Segment Open

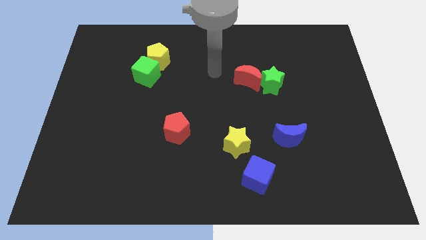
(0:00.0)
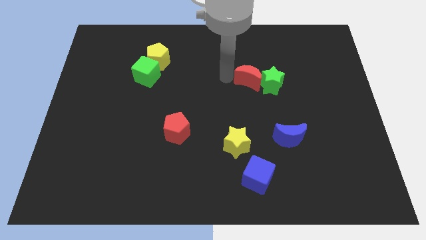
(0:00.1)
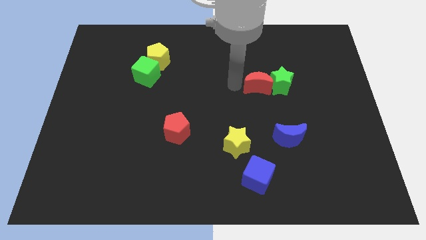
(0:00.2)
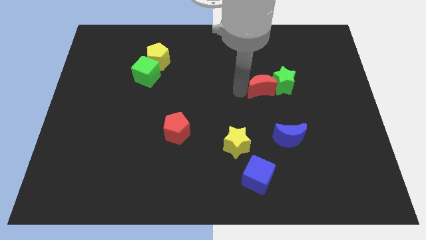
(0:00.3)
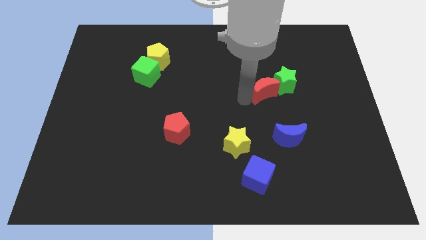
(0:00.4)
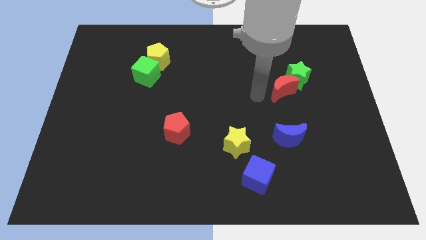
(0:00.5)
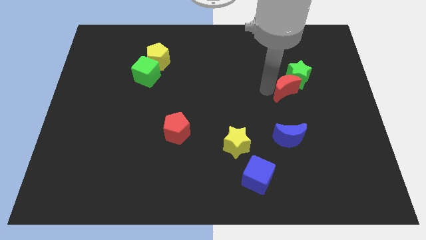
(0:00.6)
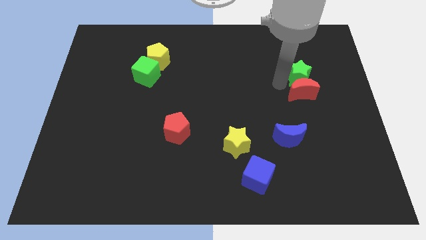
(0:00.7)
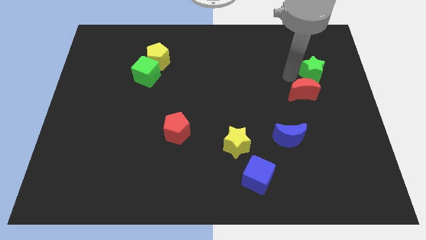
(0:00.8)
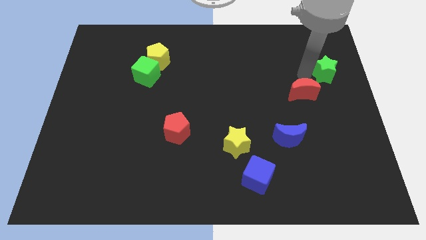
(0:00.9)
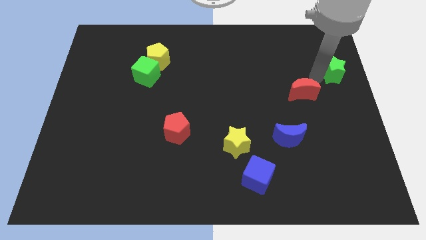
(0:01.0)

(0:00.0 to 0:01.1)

Segment Closed

Having removed the pictures, write out the records exactly as they stand.

(0:00.0)
(0:00.1)
(0:00.2)
(0:00.3)
(0:00.4)
(0:00.5)
(0:00.6)
(0:00.7)
(0:00.8)
(0:00.9)
(0:01.0)

(0:00.0 to 0:01.1)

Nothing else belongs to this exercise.